Silicon Valley dreams of secession - grey-area
http://www.salon.com/2013/10/28/silicon_valley_dreams_of_secession/
======
pron
I watched the video. At first I thought, yeah, it's just old robber-
baron/intellectual elite hubris, and the first thing that came to mind (as I'm
sure it did for many other viewers of the talk) was that episode of the
Simpsons where the "council of learned citizens" – later renamed as "the
council of Alphas" – came to power and ruled Springfield until Stephen Hawking
rescues the people of the town from the utopia-turned-dystopia of the elite.

But in order to compare this sentiment (that, if given as a talk in that
forum, is probably not just in the mind of that particular speaker) to other
historic notions of powerful elites, we need to examine the details.

On first viewing, I noticed a few things. First, he expresses a desire to rule
(it's obvious though perhaps only in the subtext), though not to subject the
general population to his superior governance, but rather to leave them
behind. Second, he treats Silicon Valley's (SV as a symbol, of course)
superiority as fait accompli rather than a continuous struggle for power.
Third, he considers himself a pioneer and "frontiersman", though (I think) he
does not take life-threatening risks as others considered frontiersmen did.
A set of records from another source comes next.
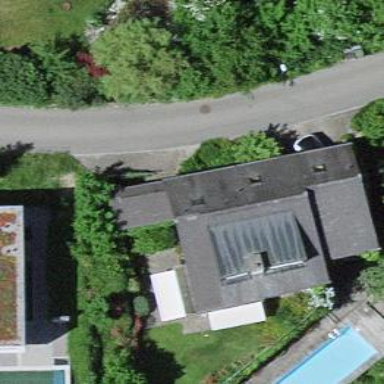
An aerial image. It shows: Simple and straightforward house.
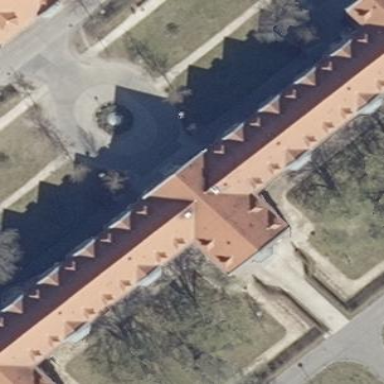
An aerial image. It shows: Hospital building with mansard roof design.
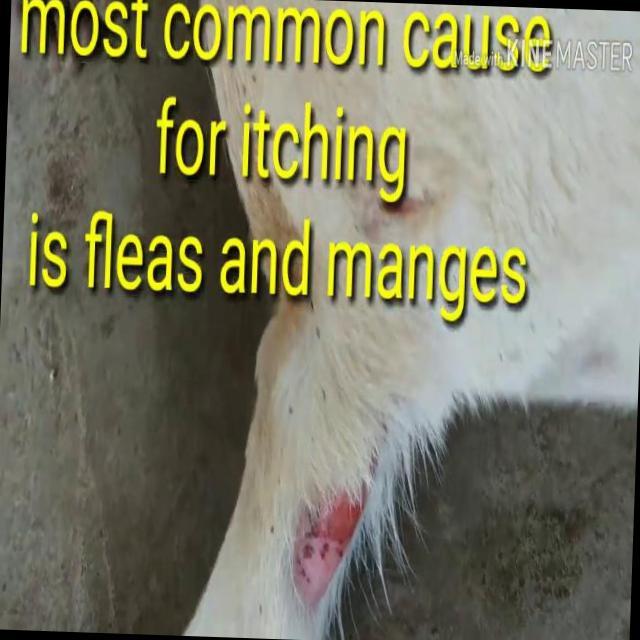
Canine dermatitis — inflammation of the skin presenting with erythema, pruritus, papules, and excoriation. May be allergic, contact, or atopic in origin.
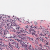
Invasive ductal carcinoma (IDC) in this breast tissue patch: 0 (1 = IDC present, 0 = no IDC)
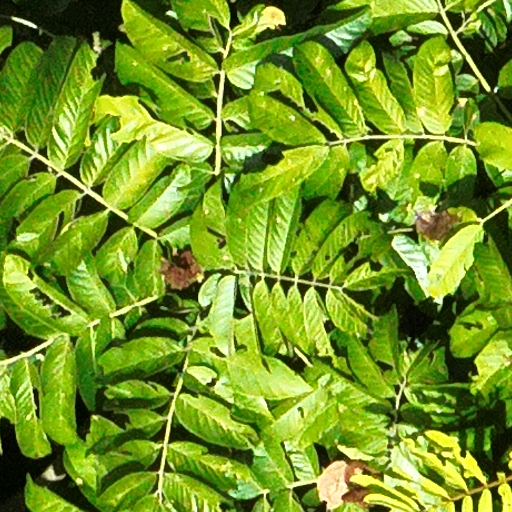
Species: Tachigali panamensis
GBIF accepted scientific name: Tachigali panamensis
Crown area (m\u00b2): 176.689
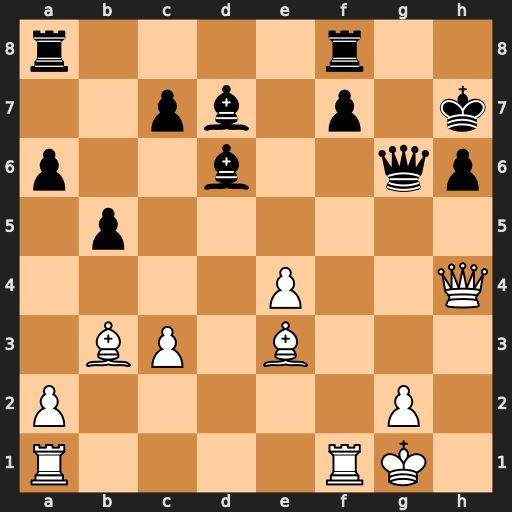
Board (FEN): r4r2/2pb1p1k/p2b2qp/1p6/4P2Q/1BP1B3/P5P1/R4RK1
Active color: w
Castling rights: -
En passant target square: -
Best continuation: Rf6 Bg3 Rxg6 Bxh4 Rxh6+
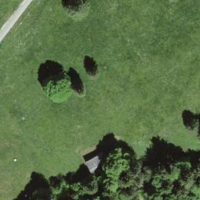
EUNIS habitat code: 52
Species observed at this site:
Papaver rhoeas
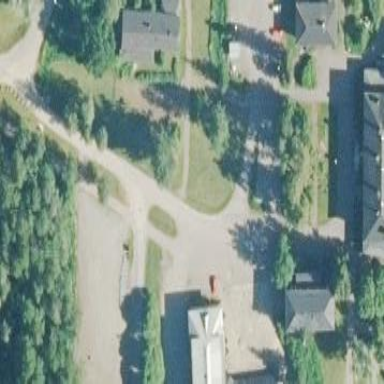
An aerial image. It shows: Parking area with asphalt surface.
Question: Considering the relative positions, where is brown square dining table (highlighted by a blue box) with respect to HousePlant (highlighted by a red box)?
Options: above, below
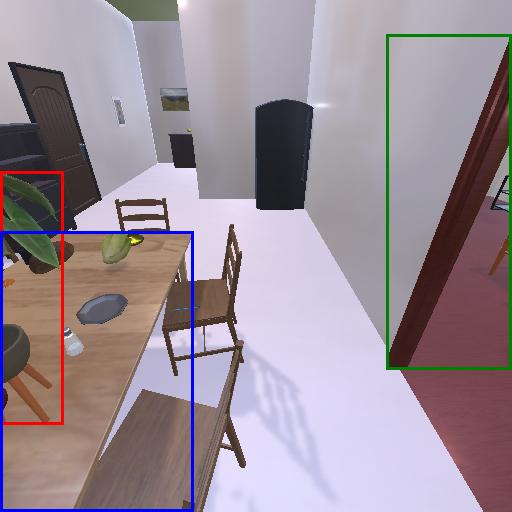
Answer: above
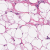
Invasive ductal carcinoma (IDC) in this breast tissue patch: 0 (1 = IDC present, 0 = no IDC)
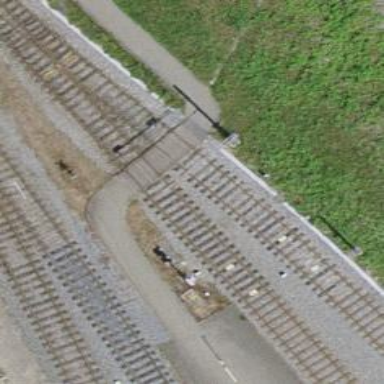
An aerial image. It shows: Crossing for the railway.
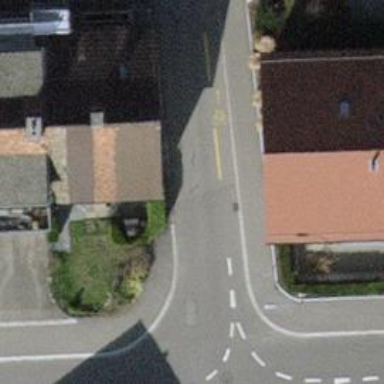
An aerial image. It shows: Residential road with asphalt surface. There is sidewalk on the left and designated cycle lane on the left side of the road.
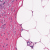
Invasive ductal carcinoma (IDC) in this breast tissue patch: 1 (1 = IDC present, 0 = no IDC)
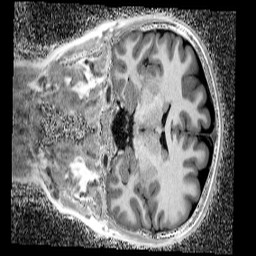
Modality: UNIT1_denoised
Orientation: coronal
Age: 12
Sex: male
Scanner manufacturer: siemens
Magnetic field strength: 3 T
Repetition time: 4 s
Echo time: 0.00299 s
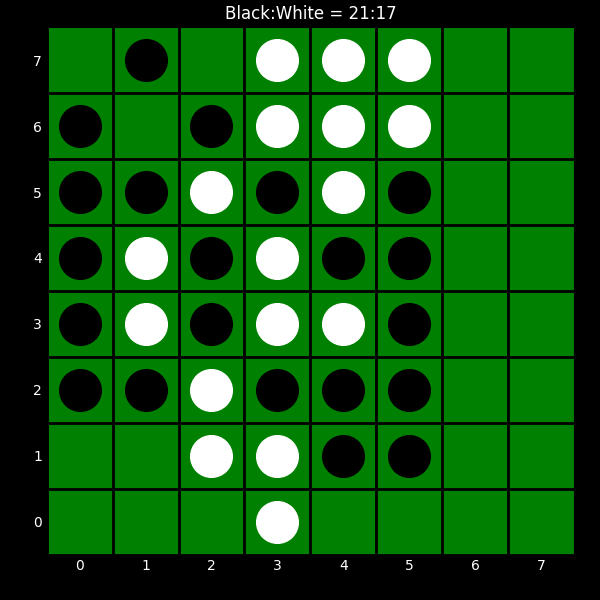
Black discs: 21
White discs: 17
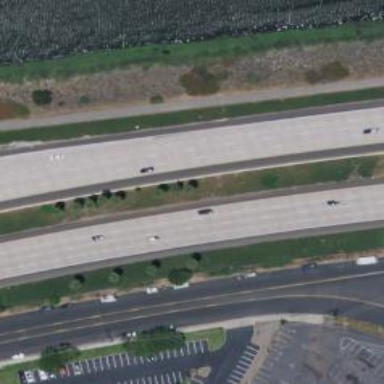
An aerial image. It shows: Motorway.
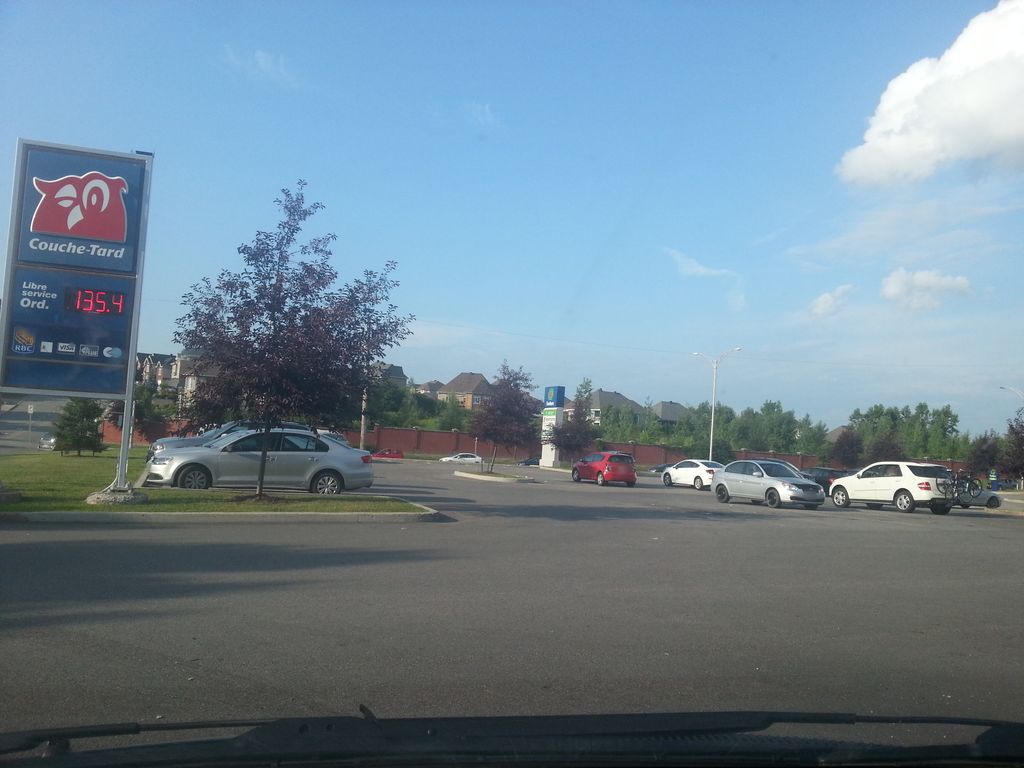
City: ottawa-gatineau
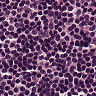
Metastatic tissue present: no
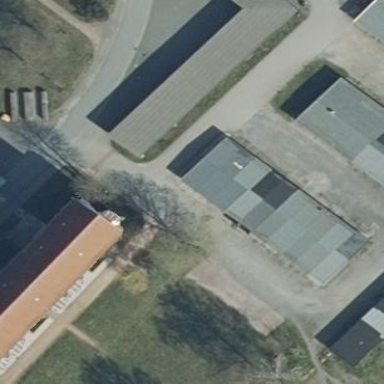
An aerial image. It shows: Group of garages.
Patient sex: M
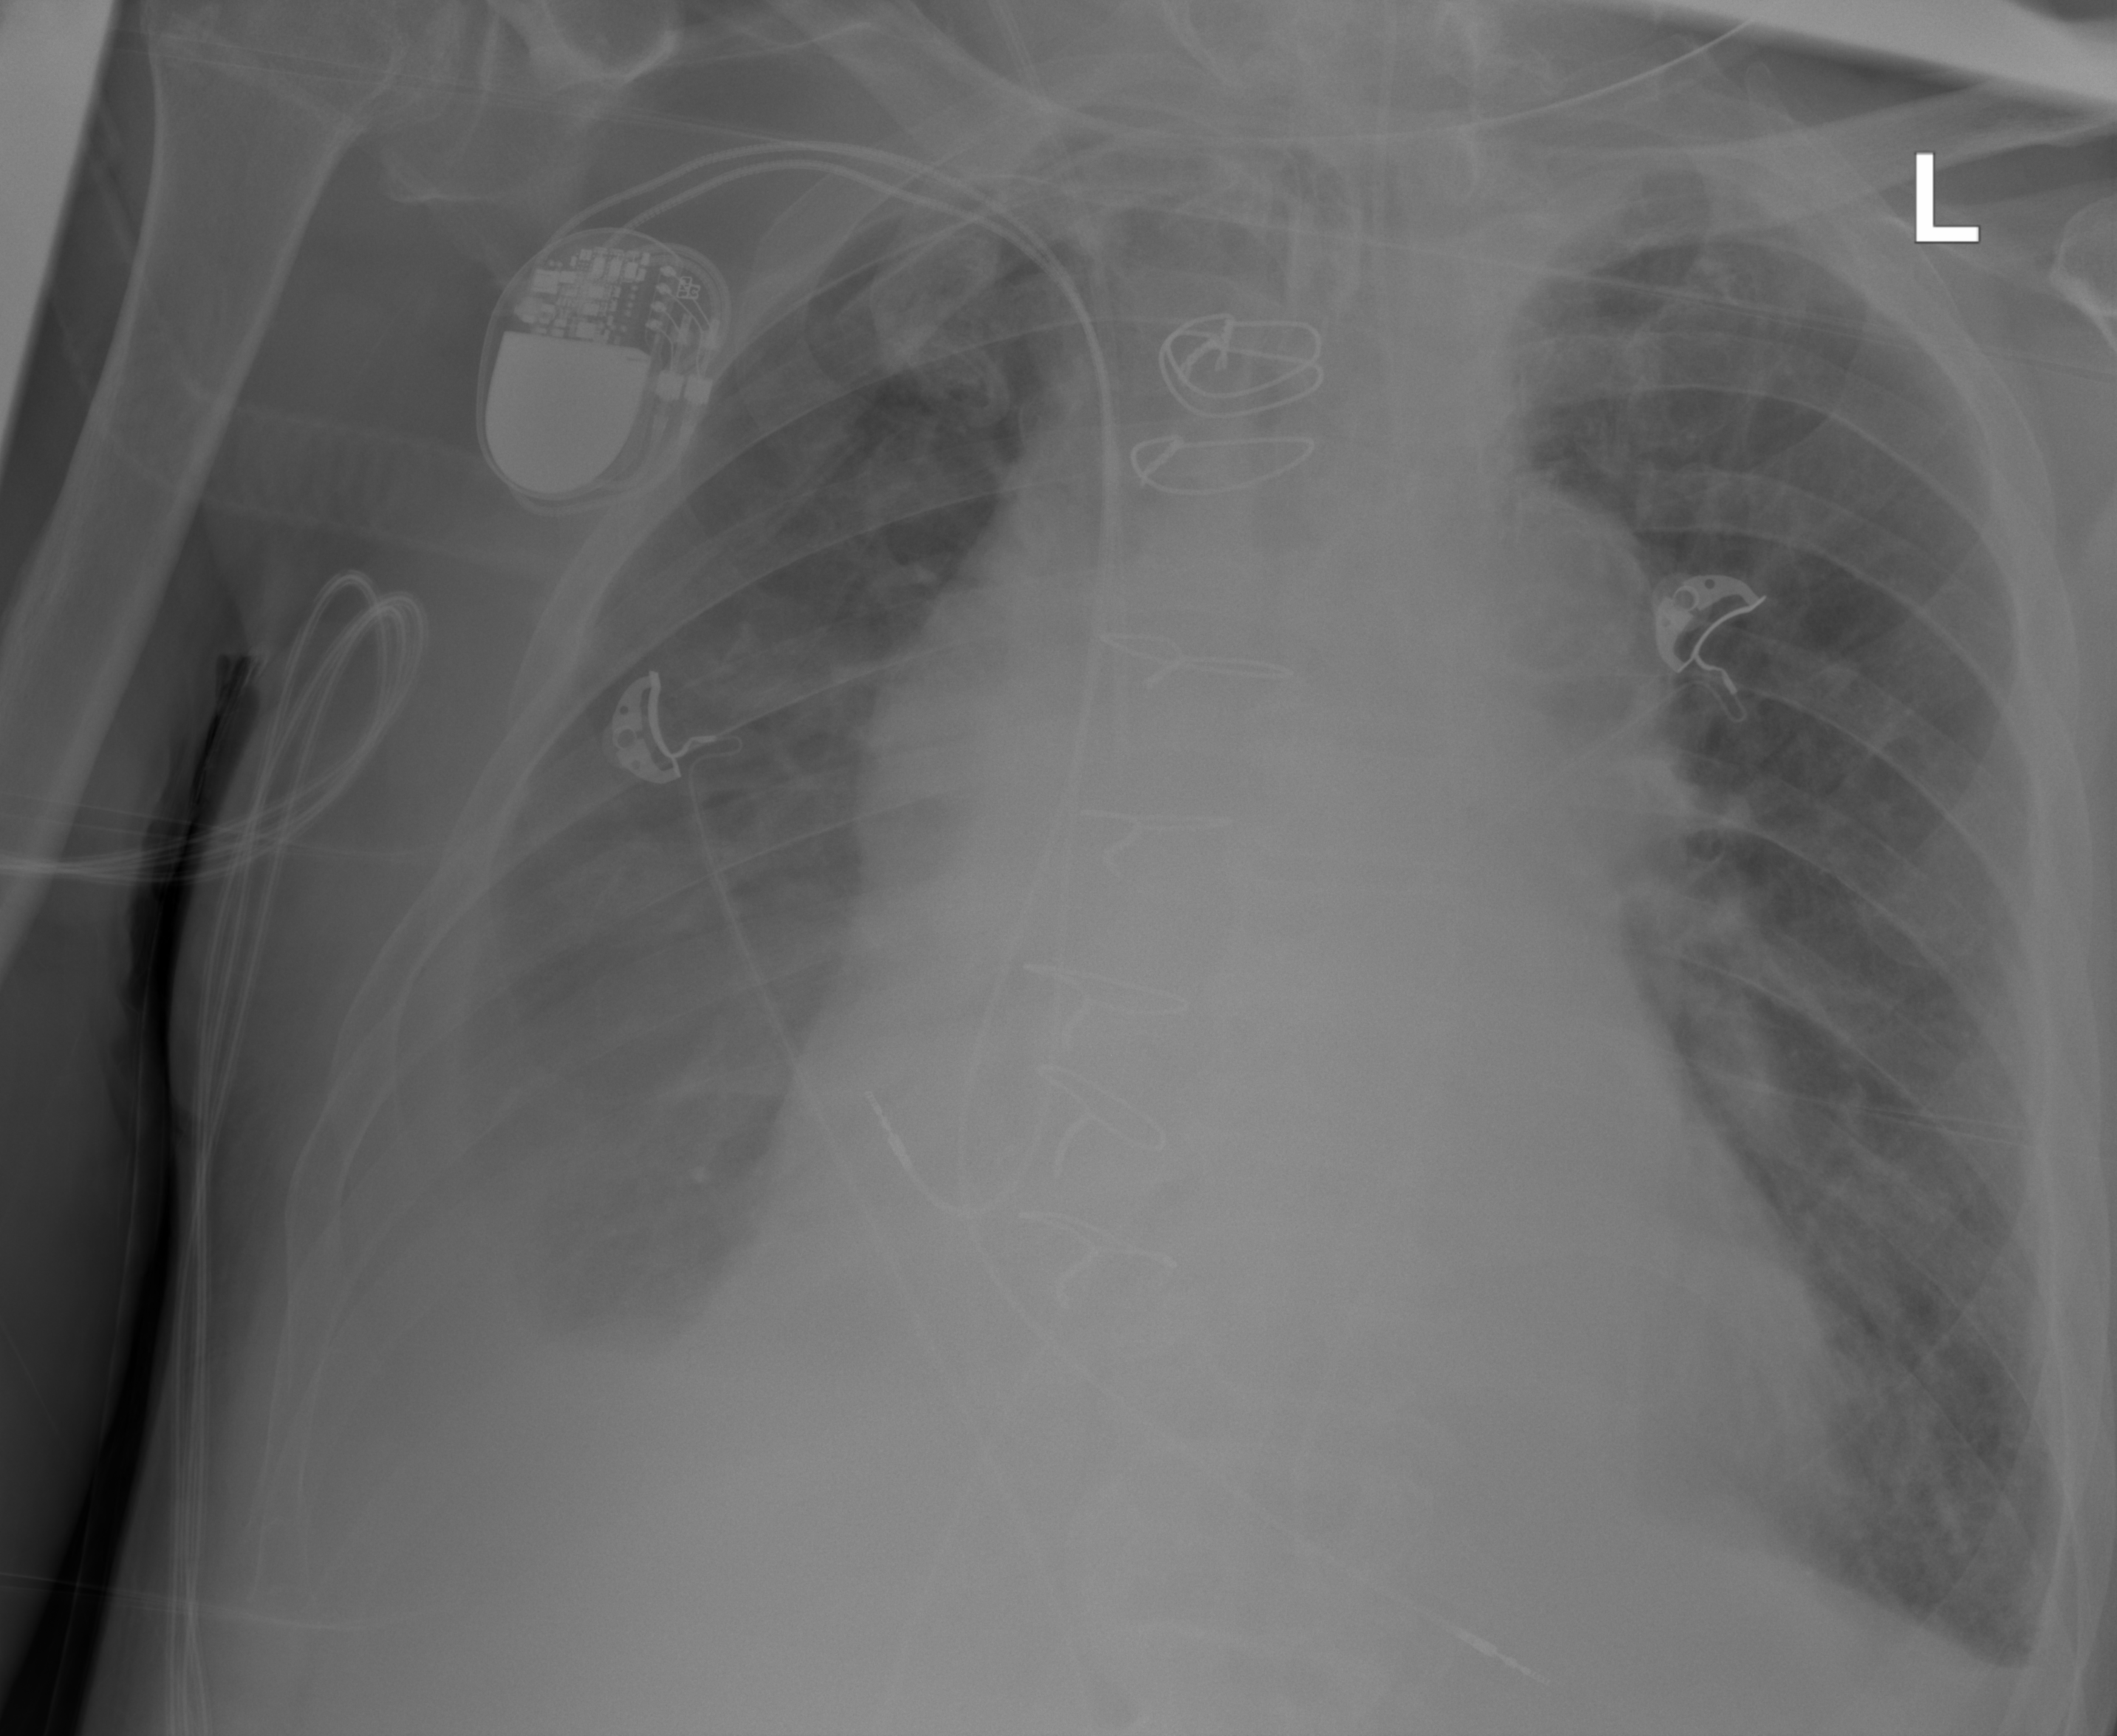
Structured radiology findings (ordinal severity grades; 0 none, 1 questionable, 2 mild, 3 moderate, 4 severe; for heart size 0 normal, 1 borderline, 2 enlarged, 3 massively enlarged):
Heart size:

I wonder if anyone can compare these points (and others – I'm sure I have
missed quite a few) to other historic elites and their self perception.

I think that, if taken as a historical document, there is much to study in
this talk.

------
subsystem
I find the fact that he was invited to present at startup school far more
interesting than the message itself.

------
VladRussian2
"Anarchy is the mother of order". Each new generation gets that virus for a
time. Summer of love. Summer of code.

------
innino
Yeesh, what sensationalist garbage.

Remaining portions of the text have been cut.